Nell’abito di questa ”area cantierabile”, il legislatore, avendo quale base normativa di riferimento delle rispettive relazioni giuridicamente rilevanti, il contratto di appalto, di subappalto e di fornitura, ha individuato alcuni soggetti (committente o responsabile dei lavori, coordinatori, imprese affidatarie e imprese esecutrici, lavoratori autonomi), qualificandoli come titolari, ciascuno in via autonoma, di una specifica posizione di garanzia ai fini della tutela delle condizioni di lavoro, la cui violazione è stata sanzionata penalmente sia sul piano (anticipato) contravvenzionale, sia in termini di «omesso impedimento dell’evento» secondo il noto paradigma dell’art. 40 capoverso del codice penale.

Sebbene il legislatore non lo abbia evidenziato a chiare lettere, la recente giurisprudenza ha chiarito – sia pure a passi brevi -  che l’azione e la posizione di garanzia dei coordinatori (in particolare del Cse) non investe (se si eccettua il potere-dovere di sospensione cautelare) i rischi intra-aziendali specifici propri dell’attività delle imprese esecutrici o dei singoli lavoratori autonomi (al pari di quanto è da sempre esplicitato ex lege in tema di appalti “interni”).

Conclusione

Il sistema degli appalti, disciplinato nel testo unico della sicurezza sul lavoro, seppur a esito dei numerosi interventi di integrazione e modifica, da ultimo operati dal D.Lgs. n. 106/2009, ha mantenuto l’assetto originariamente delineato nell’art. 7 del D.Lgs. n. 626/1994 e nella Direttiva 92/57/Cee.

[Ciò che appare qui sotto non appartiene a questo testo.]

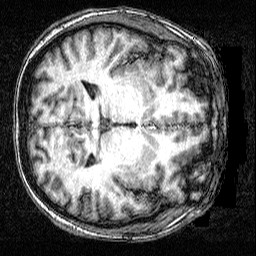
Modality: T1w
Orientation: axial
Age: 29
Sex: male
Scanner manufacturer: siemens
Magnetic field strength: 3 T
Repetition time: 2.5 s
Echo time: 0.00393 s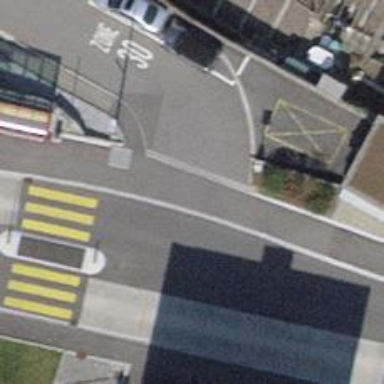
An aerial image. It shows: Unmarked crossing with traffic calming table.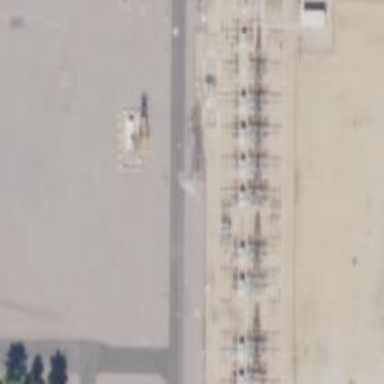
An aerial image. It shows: Switch for power supply.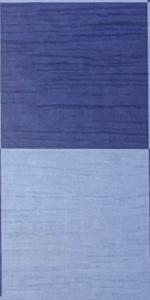
Label: Empty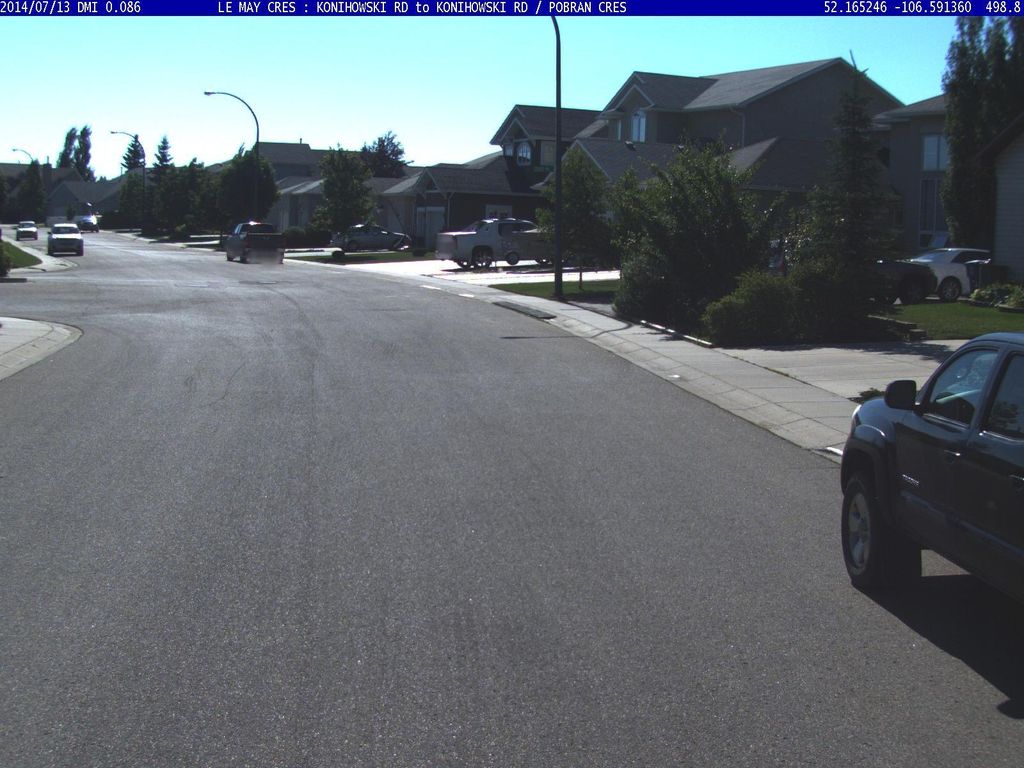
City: saskatoon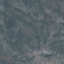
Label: HerbaceousVegetation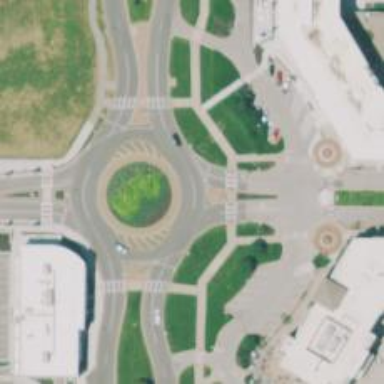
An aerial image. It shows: Secondary road around roundabout.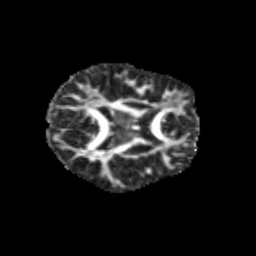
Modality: FA
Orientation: axial
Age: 11
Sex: male
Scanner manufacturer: siemens
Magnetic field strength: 3 T
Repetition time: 3.8 s
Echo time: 0.07 s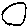
Label: circle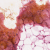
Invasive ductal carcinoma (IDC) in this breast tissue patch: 0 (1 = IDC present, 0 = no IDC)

In verità, l’assetto di base dell’appalto “sicuro” deriva dalla previsione dell'art. 6, paragrafo 4 della direttiva-quadro 89/391/Cee già citata («Fatte salve le altre disposizioni della presente direttiva, quando in uno stesso luogo di lavoro sono presenti i lavoratori di più imprese, i datori di lavoro devono cooperare all’attuazione delle disposizioni relative alla sicurezza, all'igiene ed alla salute, e, tenuto conto della natura delle attività, coordinare i metodi di protezione e di prevenzione dei rischi professionali, informarsi reciprocamente circa questi rischi e informarne i propri lavoratori e/o i loro rappresentanti»), cosicché assumono importanza strategica gli aspetti legati all’organizzazione del lavoro e alla predisposizione di idonei flussi informativi.

Per un’interessante pronuncia che riassume la fisionomia e i contenuti tipici degli obblighi previsti dall’art. 26 del D.L.gs. n. 81/2008, si rimanda alla pronuncia di Cass. pen. sez. IV, 20 settembre 2019, n. 38845.

 

 

 

 

(1) In tal senso, Cass. pen. sez. III, 28 gennaio 2004, n. 2946, imp. Pallotta e altro.